**Action item:**
Could you repeat every line below exactly, skipping the images?

─── Exercise materials

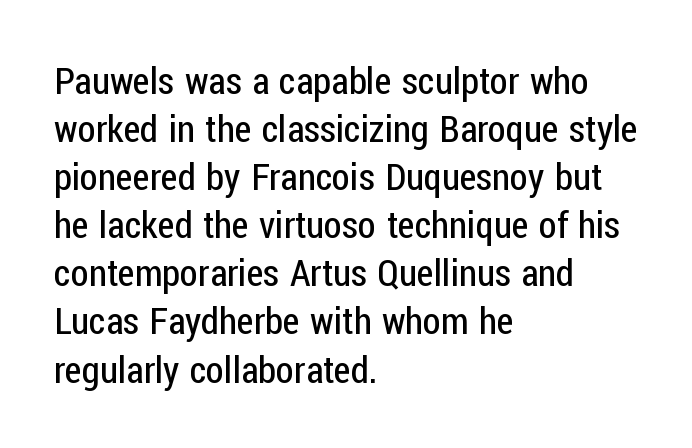
Q: Is the text bold? A: No.
Q: Is the text italic (slanted)? A: No, it is upright.
Q: Is the typeface a serif or a sans-serif typeface? A: Sans-serif.
Q: Is the text underlined? A: No.
Q: How is the paragraph aligned? A: Left-aligned.
Q: Is the spacing between letters normal or unusually wide? A: Normal.
Q: Is the spacing between lines tight, normal or loose? A: Normal.
Q: Width (condensed, normal, or wide)? A: Condensed.
Q: Stroke contrast? A: Low.
Q: x-height? A: Medium.
Q: Monospaced? A: No.
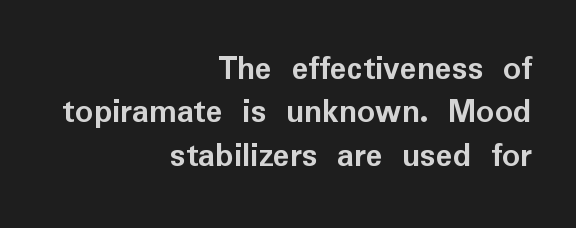
Which margin do the lines hug? The right one — the left edge is uneven. Observe the absence of serifs on each vertical stroke in this sample. If you drew a line through each stem, it would be perfectly vertical. This sample has the flowing, uneven cadence of proportional lettering.
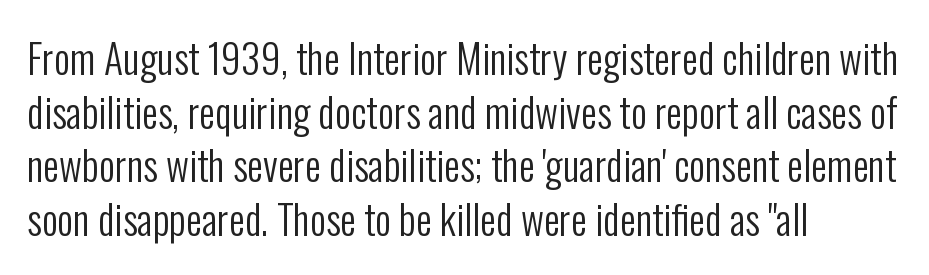
The image shows 40 px regular-weight, condensed sans-serif type, upright; set left-aligned, normal line spacing (1.34x), normal letter spacing, not underlined; low stroke contrast and a medium x-height.
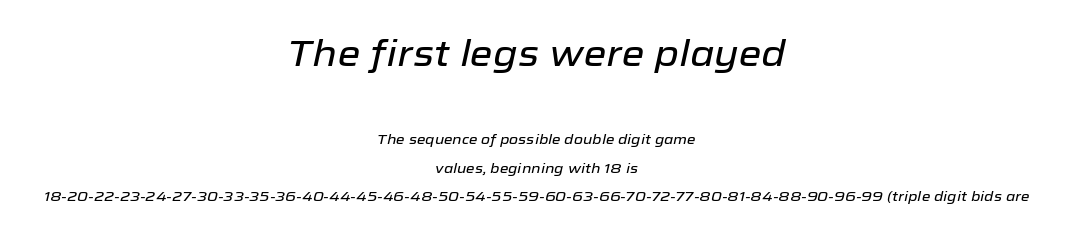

──────

**Completed task:**
Q: Is the text bold? A: No.
Q: Is the text italic (slanted)? A: No, it is upright.
Q: Is the typeface a serif or a sans-serif typeface? A: Sans-serif.
Q: Is the text underlined? A: No.
Q: How is the paragraph aligned? A: Left-aligned.
Q: Is the spacing between letters normal or unusually wide? A: Normal.
Q: Is the spacing between lines tight, normal or loose? A: Normal.
Q: Width (condensed, normal, or wide)? A: Condensed.
Q: Stroke contrast? A: Low.
Q: x-height? A: Medium.
Q: Monospaced? A: No.
Which margin do the lines hug? The right one — the left edge is uneven. Observe the absence of serifs on each vertical stroke in this sample. If you drew a line through each stem, it would be perfectly vertical. This sample has the flowing, uneven cadence of proportional lettering.
The image shows 40 px regular-weight, condensed sans-serif type, upright; set left-aligned, normal line spacing (1.34x), normal letter spacing, not underlined; low stroke contrast and a medium x-height.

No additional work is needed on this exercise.